In regard to the location of the shooting, how police release information could be crucial. For example,  releasing information about  the location of the occurrence could attract the presence of media or the general public, who may be interested or simply want to help. This could complicate the ongoing situation or make it difficult for rescue officials to do their jobs.

This same notion also can be applied to releasing information about weapons used and the shooter’s identity. Releasing this information too early could cause a backlash against anyone with a similar name. For example, when Connecticut police released the shooter’s name in the Sandy Hook school shooting, media flooded Newtown looking for relatives or friends of the shooter. Such attention may be unwelcome by those affected, as well as stressful to private citizens who may have not been involved in the situation at all.

In regard to releasing information about victims or individuals involved in the shooting, releasing information too early could be damaging  emotionally to the families of the victims. Most local, state, and federal police agencies have safeguards in place to keep victims’ names from being released before family or the next of kin is ed.

How  police  respond  to  tips  or  threats  is another ethical issue pertaining to public shootings. In the wake of the Virginia Tech shooting in 2007, the university’s administration and police force were criticized for their response time and relaying of information to the students and faculty. This demonstrates the conundrum that the authorities have when dealing with a public shooting. Police and civilian advocacy groups generally argue for an immediate response, while others err on the side of caution when it comes to the possibility of creating or adding to the panic. In the case of Virginia Tech, authorities and the campus administration had been given tips about the gunman before the attack happened. However,  by the time the authorities acted on these tips it was too late. Some student and parent advocacy groups argue that the administration should have conveyed this information as soon as they had received it.

Mental Health and the Right to Inform

Another ethical issue pertaining to public shootings involves situations in which the shooter has had mental health issues and was being treated by a mental health professional. Mental health professionals, including psychologists, counselors, and psychiatrists, are bound by an ethical code to report any behavior or expressed interest a patient  has regarding  self-harm or harm to others. The ethical issue in these situations is how psychologists, counselors, or psychologists should balance the confidential information of their patients with the public’s safety.

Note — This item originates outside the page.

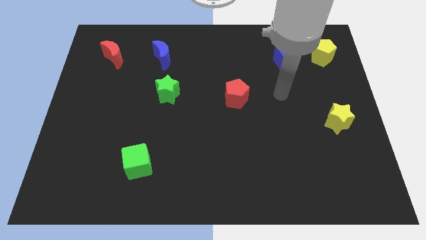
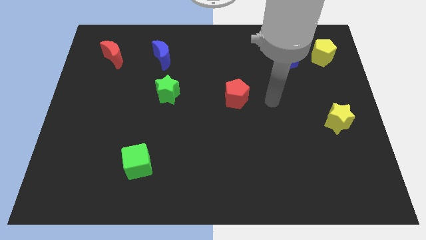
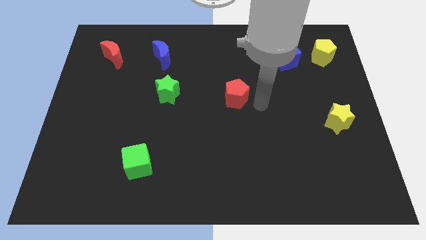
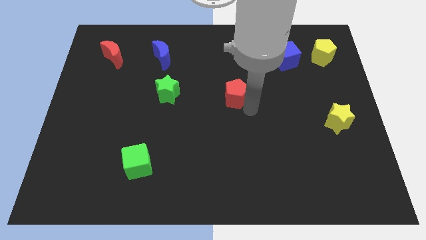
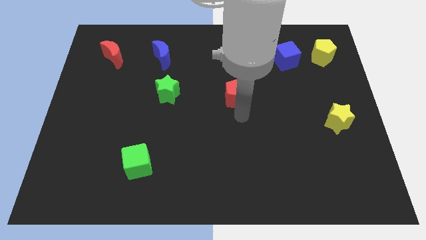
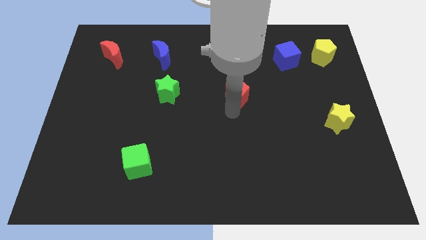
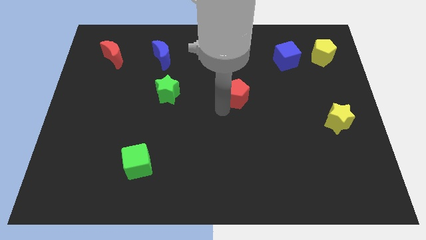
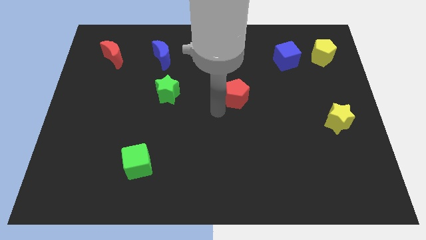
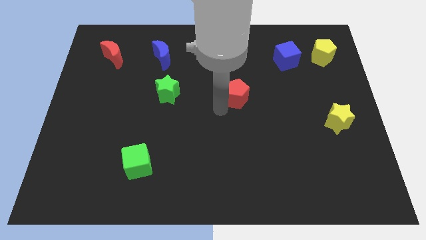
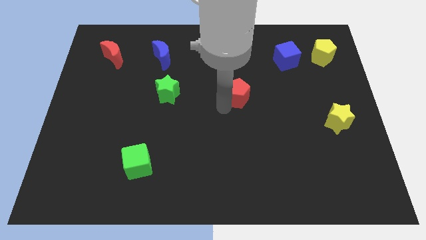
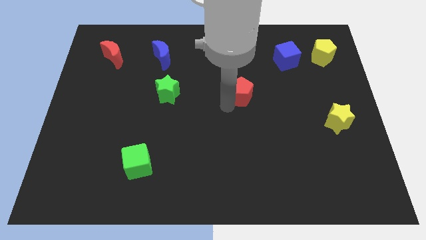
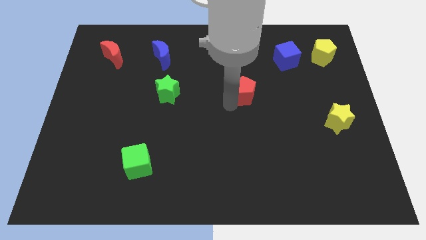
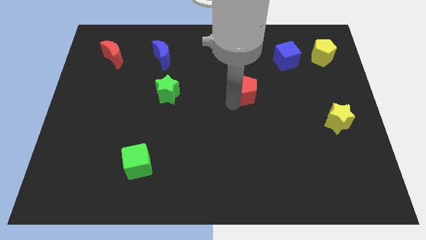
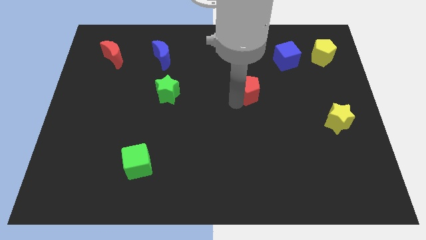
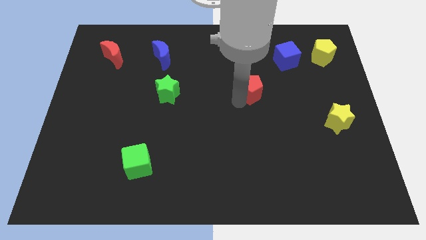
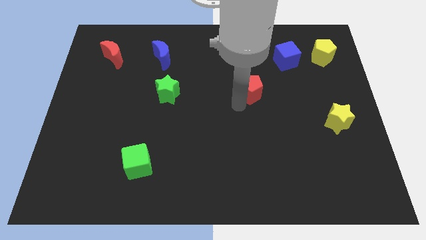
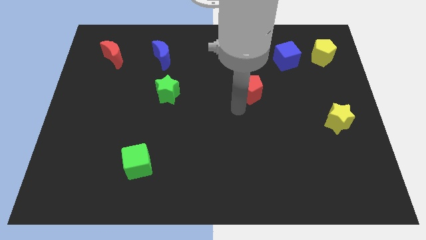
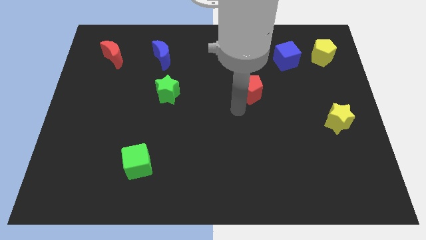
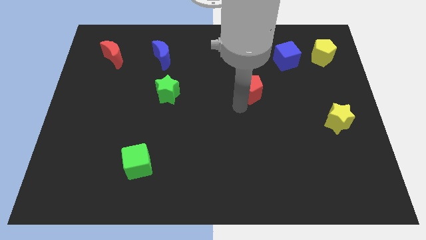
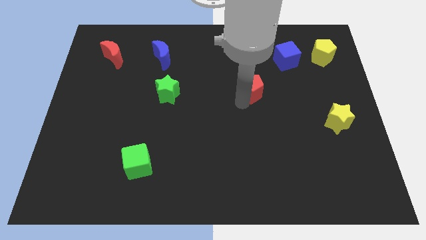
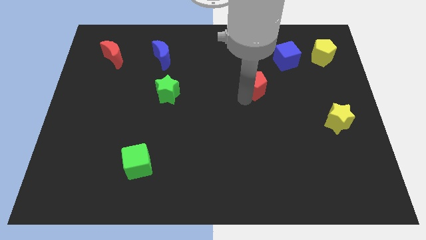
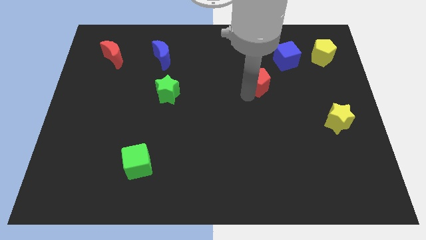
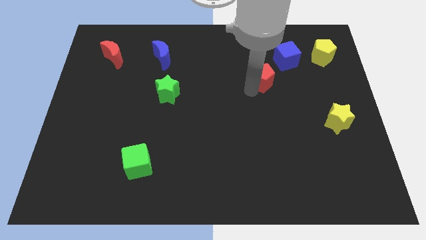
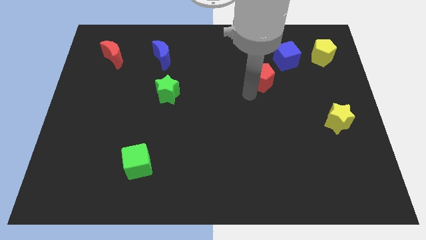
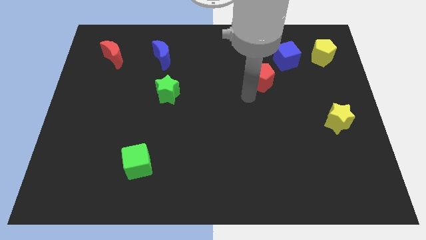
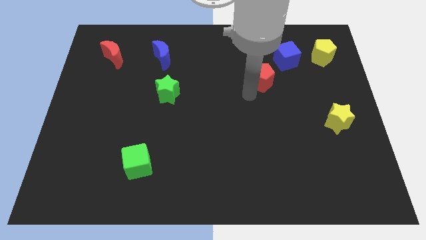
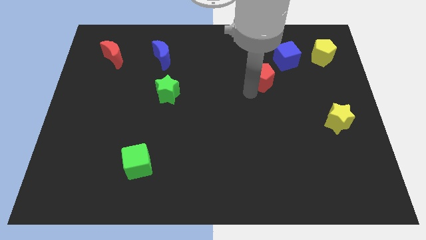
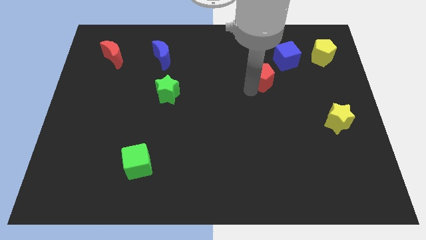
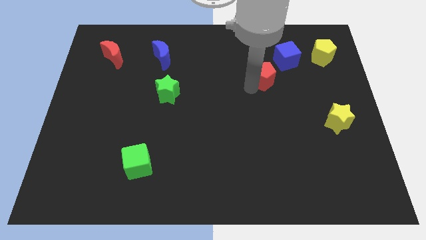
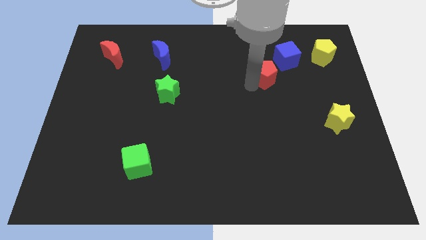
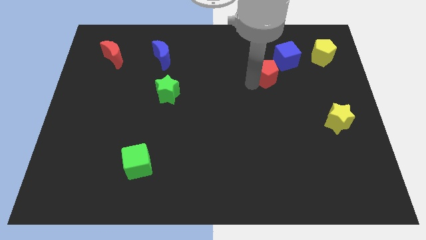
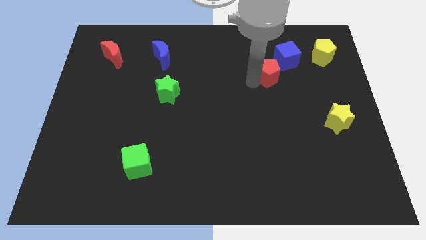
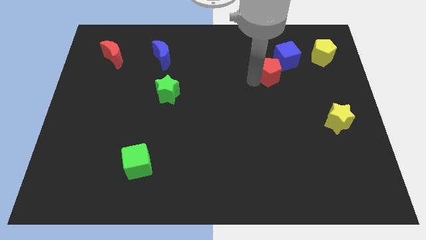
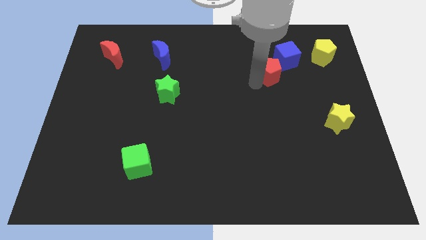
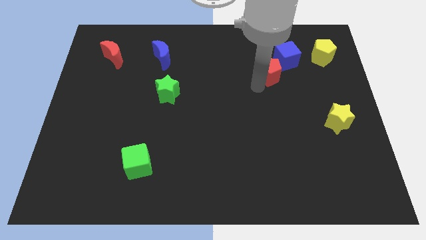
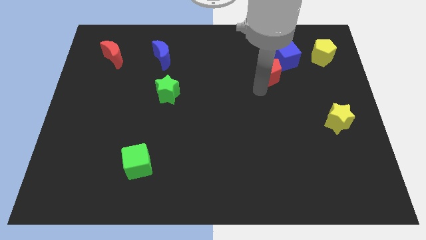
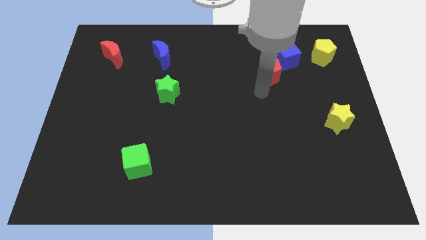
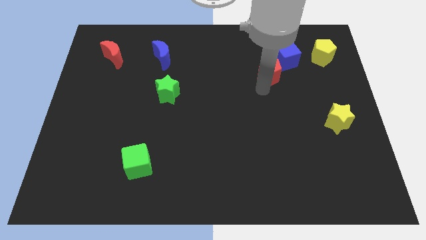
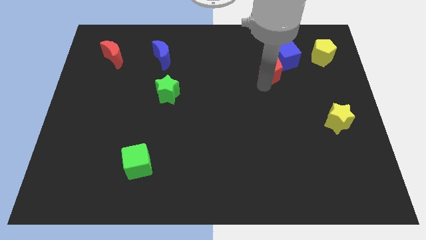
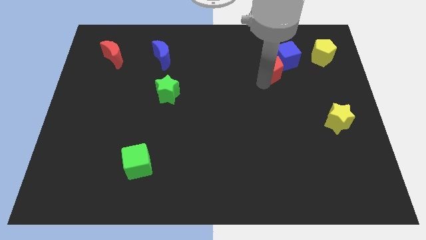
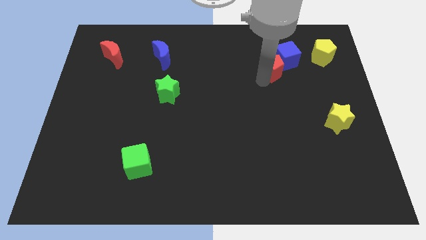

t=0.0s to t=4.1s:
move the red pentagon close to the blue cube

In the Aurora, Colorado, movie theater shooting, as well as the Newtown, Connecticut, school shooting, the gunmen had mental health issues and were under the care of a mental health physician. In both cases the mental health physicians were  criticized  for  not  informing  authorities about  these individuals. The Health  Insurance Portability and Accountability Act, however, protects the rights of patients and any information collected and administered from a mental health professional, and the point at which a patient’s interests constitute an actual threat is not necessarily clear.

Bibliography:

  1. Beeghley, Leonard. Homicide: A Sociological Explanation. Lanham, MD: Rowman & Littlefield, 2003.
  2. Duwe, Grant. Mass Murder in the United States: A History. Jefferson, NC: McFaraland, 2007.
  3. Federal Bureau of Investigation. Behavioral Analysis Unit. National Center for the Analysis of Violent Crime. “Serial Murder: Multi-Disciplinary Perspective for Investigators.” http://www.fbi.gov/stats-services/publications/serial-murder/serial-murder-july-2008 (Accessed January 2013).
  4. Newman, Katherine, Cybelle Fox, Wendy Roth, Jal Metha, and David Harding. Rampage: The Social Roots of School Shootings. New York: Basic Books, 2004.